The Way of the Traitor
- Author: Laura Joh Rowland
- Series: Sano Ichirō
- Genre: Historical mystery
- Publisher: HarperTorch
- Publication date: 1997
- Publication place: United States
- ISBN: 0-06-101090-1
- Preceded by: Bundori
- Followed by: The Concubine's Tattoo

= The Way of the Traitor =

1997 novel by Laura Joh Rowland

The Way of the Traitor is the third novel by American writer Laura Joh Rowland in her historical mystery series set in 1690 Genroku-era Japan featuring the samurai investigator Sano Ichirō. It was published by HarperTorch in 1997.

==Plot==
Sano Ichirō, who saved the life of the shogun Tokugawa Tsunayoshi in the first novel of this series, Shinjū, has become the shogun's Investigator of Events, Situations and People, allowing the shogun to send Sano to investigate anything that takes the shogun's fancy. But in the second novel of the series, Bundori, Sano ran afoul of Yanagisawa Yoshiyasu, the shogun's chamberlain and the real power behind the throne, who is jealous of the shogun's delight with Sano and his detective abilities. At the start of the novel, the shogun suffers from a brief illness, and Chamberlain Yanagisawa, ruling in his stead, sends Sano and his assistant Hirata to the distant port of Nagasaki on a pointless official inspection tour. Nagasaki is the only Japanese port where European goods can be imported, and only by Dutch traders, who are confined to an island outside of the port.

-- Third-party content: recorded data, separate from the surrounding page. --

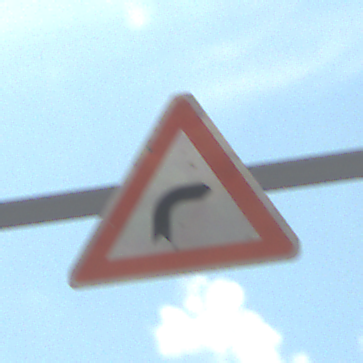
Verkehrszeichen: KurveRechts
Umgebung: Outdoor, Suburban
Tageszeit: Midday
Wetter: PartlyCloudy
Licht: Natural
Jahreszeit: NotSpecified
Kontrast: HighContrast
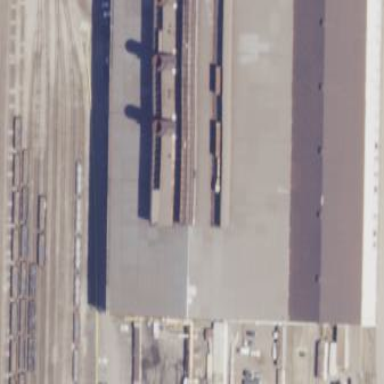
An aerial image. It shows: Industrial building.
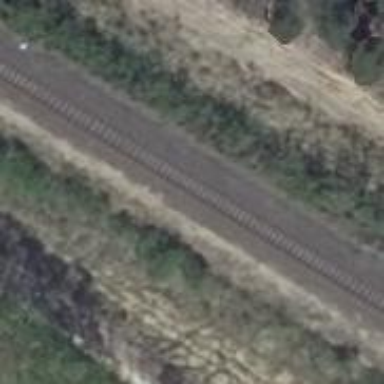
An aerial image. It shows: Solitary milestone along the railway.
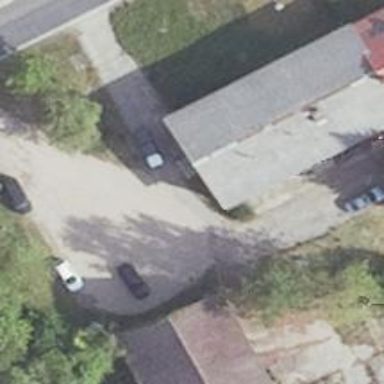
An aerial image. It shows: Driveway.
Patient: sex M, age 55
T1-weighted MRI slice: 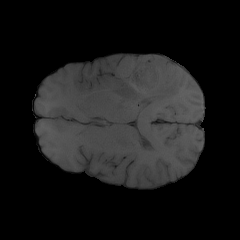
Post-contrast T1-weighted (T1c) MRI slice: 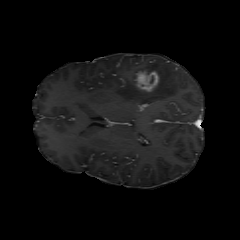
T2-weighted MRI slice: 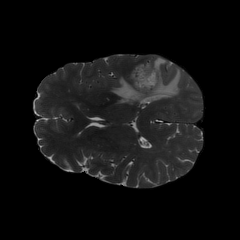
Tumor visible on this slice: yes
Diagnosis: Glioblastoma, IDH-wildtype
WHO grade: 4

Sano and Hirata arrive in Nagasaki on the day when the body of one of the Dutch traders is discovered washed up on the shore. Sano, who sees his inspection tour as a waste of time, offers to investigate the murder. Sano is drawn into the world of trade within the port, and soon learns that despite the official walls that supposedly separate the Dutch "barbarians" from Japanese society, the lucrative smuggling of goods into the port is a way of life.

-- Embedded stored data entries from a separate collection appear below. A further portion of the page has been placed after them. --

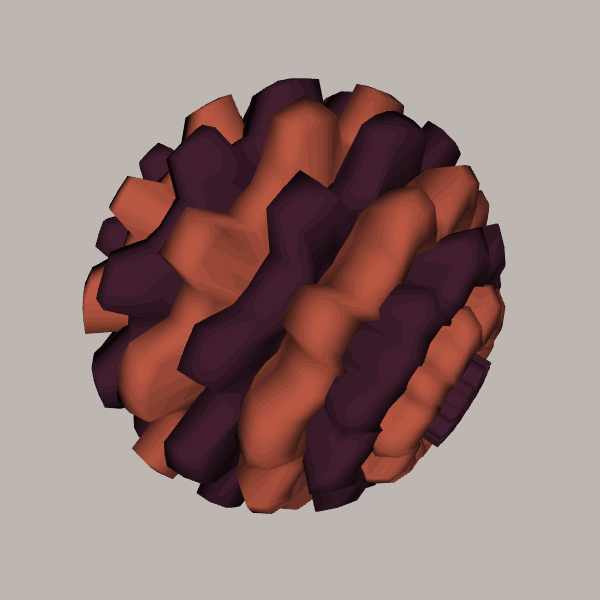
Background: light
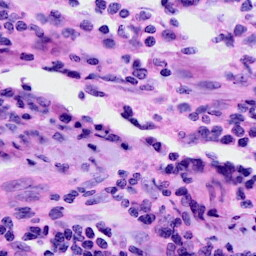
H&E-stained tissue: Cervix
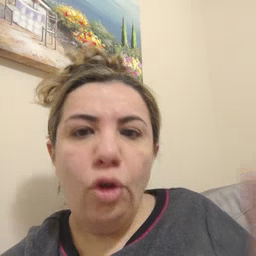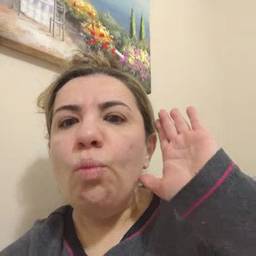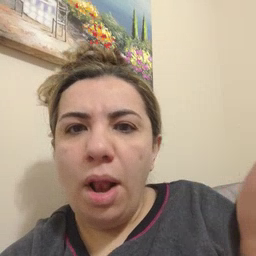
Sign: will
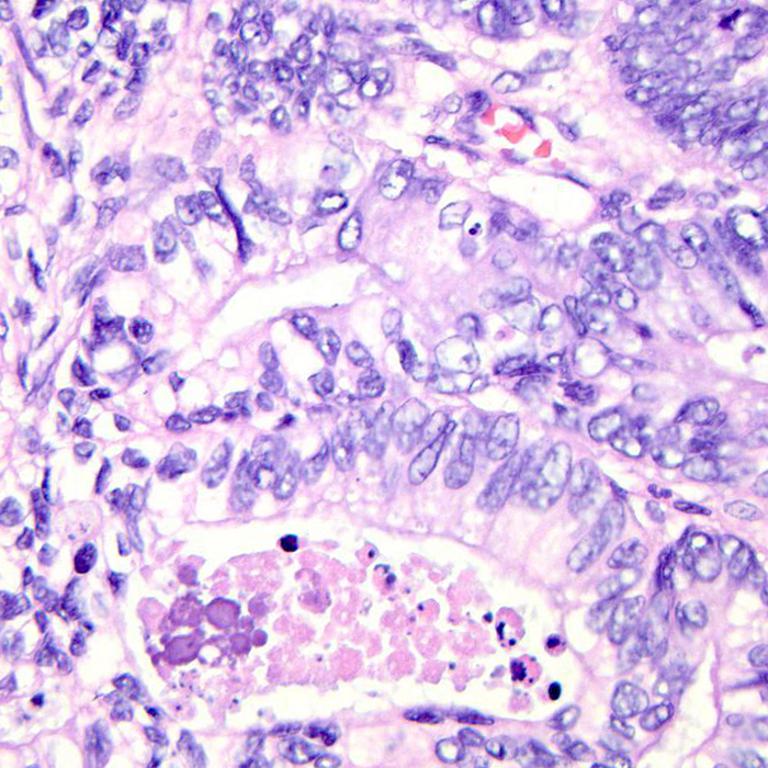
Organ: colon
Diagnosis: adenocarcinomas
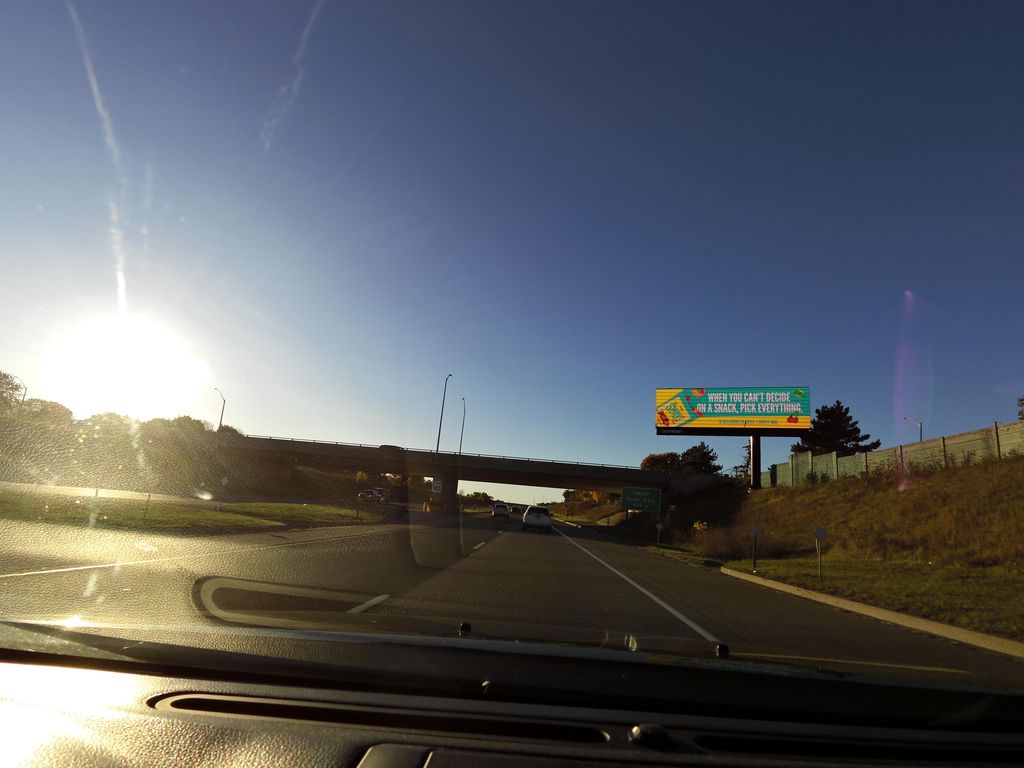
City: hamilton
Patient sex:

After interviews with the other Dutch traders and the dead man's concubine, and examination of the body, Sano states his belief that the Dutch trader was not killed by a fellow Dutch trader but by a Japanese citizen. With this news, the captain of a recently arrived Dutch ship threatens to fire on the city unless Sano produces the murderer.

Sano suspects that the murder is linked to smuggling, and that top city officials are involved. But as he digs deeper, Sano is put on trial on trumped-up charges of treason. Because of his high office, he will be tried by a triad of regional judges, who will take several days to reach the city. Sano must now race against time to discover the murderer before he is brought to trial and before the Dutch ship can start an international war.

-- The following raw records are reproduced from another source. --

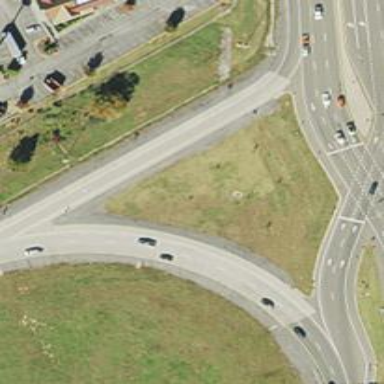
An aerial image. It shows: Motorway link at Diverging Diamond Interchange (DDI).
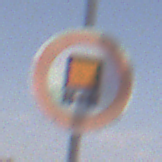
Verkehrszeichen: VerbotKennzeichnungspflichtigeKraftfahrzeugeGefaehrlicheGueter
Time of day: Midday
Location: Outdoor (Nature)
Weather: PartlyCloudy
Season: NotSpecified
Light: Natural
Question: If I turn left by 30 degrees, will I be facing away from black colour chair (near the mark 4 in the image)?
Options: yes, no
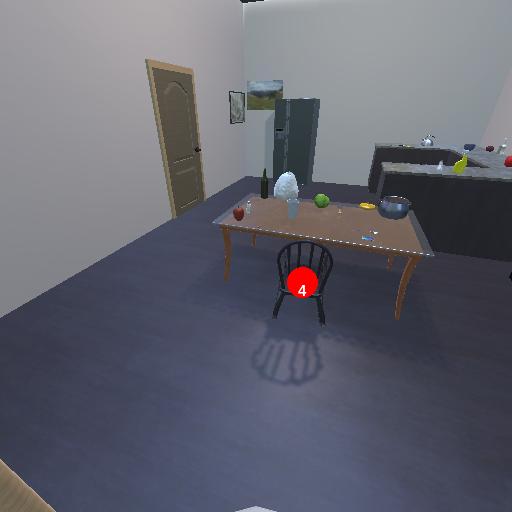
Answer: yes
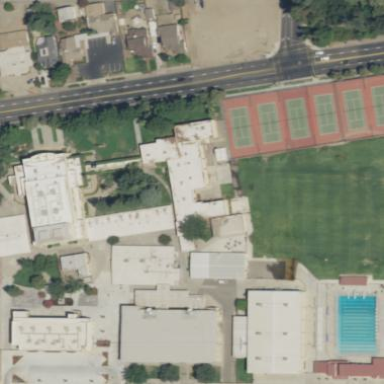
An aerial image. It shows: School building.

The list of suspects is lengthy, including the dead man's courtesan, the captain of the island guards, the chief of police, and a Chinese priest whose brother was killed by the dead trader several decades ago.

The three judges arrive at the city, and Sano is put on trial. He is about to be found guilty due to perjured testimony and faces immediate execution when his assistant Hirata arrives with the location of the next smuggling operation. Sano convinces the judges to come with him and uncover the real head of the smuggling operation. Together they uncover who is responsible for the smuggling, and who the murderer is.

Shortly afterwards, official word reaches Nagasaki that the shogun has recovered from his illness and has ordered the immediate recall of Sano to Edo.

==Publication history==
After the success of her first two Sano Ichirō novels, Laura Joh Rowland wrote a third installment, The Way of the Traitor, which was published by HarperTorch in 1997. Rowland would go on to write 15 more titles in the Sano Ichirō series.

==Reception==
Kirkus Reviews noted there was a certain lack of originality about this plot: "tension rides high as Rowland takes every cliche of the One Just Man genre — the civic conspiracy, the prostitute in love, the impossible deadline, the massacre of innocents, the man on the run — and refracts them all through the code of Bushido."

Publishers Weekly was also disappointed by this novel, commenting, "The collision of East and West is compelling, but Rowland's bland prose and disappointingly predictable solution ill serve her story's central conflict."